Pagina di diario del 27 Agosto 2024 ore 04:17
Se un giorno ricomincerò, vorrei che fosse tenuto conto del mio passato. Vorrei che chiunque mi avvicinasse, dentro al cuore portasse pazienza e ascolto, per permettermi di raccontare tutta la mia storia dall’inizio. Vorrei leggergliela nell’ordine in cui è avvenuta, senza interruzioni, senza cedere il posto alla versione di altri attori, ai loro camuffamenti, alle loro giustificazioni.
Non vorrei mai ricominciare a vivere senza questa possibilità.
Prima di potersi avvicinare dovrebbero avere la piena conoscenza che non c’è stato un unico passato per me, ce ne sono stati molti, moltissimi. Non in tutti sono stata io la protagonista. Per molti passati io ero solo qualcosa di aggiunto alla mia storia, delineata da altri, per me.
Non mi è mai piaciuta. Solo in pochi momenti che non ho potuto apprezzare appieno. Sono stata nuvola, inseguita da molte tempeste, in rotta di collisione con altre tempeste. Lo spazio in mezzo era bello solo per il tempo di un pensiero. Ho sempre saputo che non era per me e, quando non lo sapevo io, me lo ricordavano tutti.

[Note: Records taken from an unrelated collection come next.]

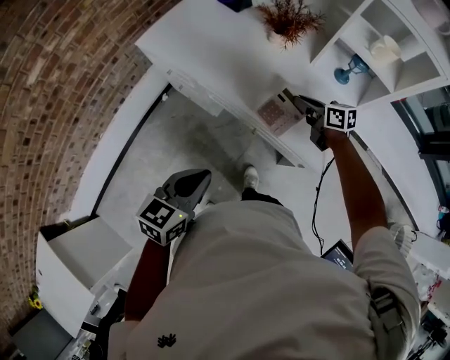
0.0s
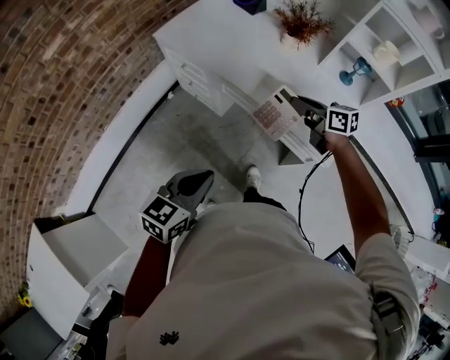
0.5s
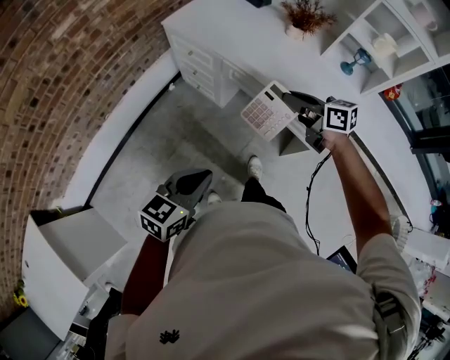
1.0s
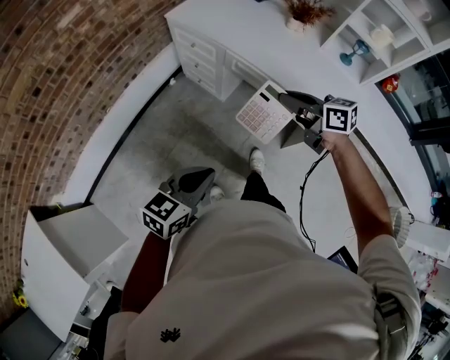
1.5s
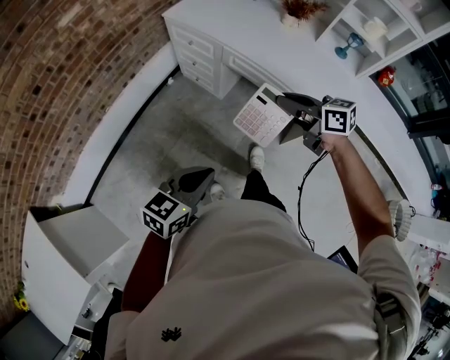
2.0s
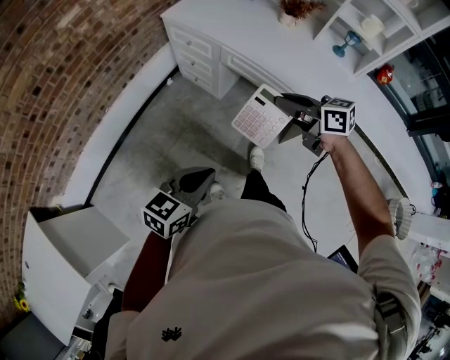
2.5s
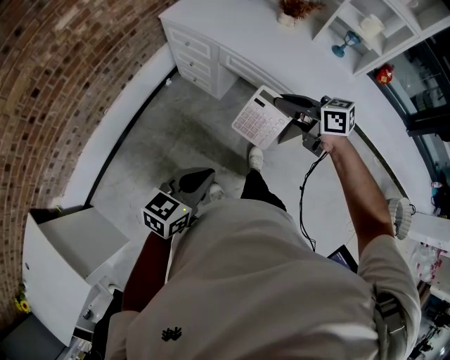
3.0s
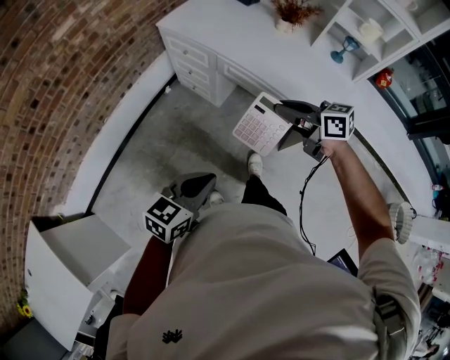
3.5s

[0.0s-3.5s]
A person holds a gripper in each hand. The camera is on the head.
0.0s to 2.0s: The left gripper shifts roughly 25 cm backward and to the left. The right gripper goes some 35 cm backward, to the left and upward.
2.0s to 3.5s: The grippers make only small movements.

Nessuno dovrebbe avvicinarsi a chi ha subito traumi senza questa consapevolezza: si cammina in una città dopo un terremoto, uno scoppio nucleare, una inondazione. Si può riprendere quei mattoni e rimetterli a posto con pazienza, dargli una forma e mostrare loro che potranno tornare a essere edifici, palazzi, cortili… ma quella pietra non potrà mai dimenticare di essere stata nella distruzione, di aver assorbito l’impatto, perso frammenti, disgregato la quiete, aver stretto forte quel che restava e pensato “resisterò” prima che l’onda d’urto la smentisse.
Vorrei poter dare “istruzioni per l’uso” ma la verità è solo una: alcuni dolori non possono essere dimenticati e non ci sono valide istruzioni per tutti. Io per me non ne ho, ma so che sono costruita con gli stessi mattoni caduti dalla distruzione e questo non è un pregio. Non si vince un premio per restare in piedi. Anzi. Nessuno potrà più avvicinarsi con cura, con pazienza, con protezione. Tutti penseranno che solo perchè si è ancora in piedi si sia indistruttibili e questo ti riabilita ad essere una persona come tutte le altre. Ma non è così.
Non sono speciale, non sono migliore, sono un maldestro accrocco di tutti quei mattoni già esplosi. Io vorrei tanto scompormi, tornare al disfacimento, e invece ogni mattina vengo rimessa in piedi come un burattino proprio da questo: l’apparenza che salva tutti coloro che mi hanno distrutta, facendo credere loro che non hanno picchiato abbastanza duro tutto sommato. Impuniti, vittime della mia bruttura, di ogni ruvidezza, di tutte le crepe che non irradiano luce.
Se io un giorno ricomincerò vorrei che fosse dalla terra, dal primo colpo assestato, proprio da quello che per prima mi ha mandata in pezzi e vorrei dire “Ecco vedi, io non sono più stata intera da qui”. Non è l’ultimo singolo pugno che stende il pugile, è la somma di tutti quelli precedenti proprio a quello. Ogni nuovo pugno che prende ha addosso il peso di quelli di prima ed egli ha diritto ad un certo punto di arrendersi. Basta colpire. Lo dice il regolamento, lo dice l’arbitro. Il mio arbitro è un baro.
” Non è importante come si cade, ma come ci si rialza “. Ho sempre odiato questa frase, ho sempre pensato che dicesse che l’onore è rialzarsi, che sei tenuto a farlo, altrimenti non vali abbastanza. Sei un perdente.
Se non sarà così, se non potrò essere ascoltata e trattata tenendo conto di questo, allora non voglio nulla, non voglio altre occasioni, altre persone. Vorrei solo lasciare andare i pezzi, farli cadere tutti, e il giorno dopo non rimettermi insieme di nuovo, lasciarmi travolgere dal terremoto e semplicemente essere libera di non resistere. Ammutolire. Questo spero, ammutolire.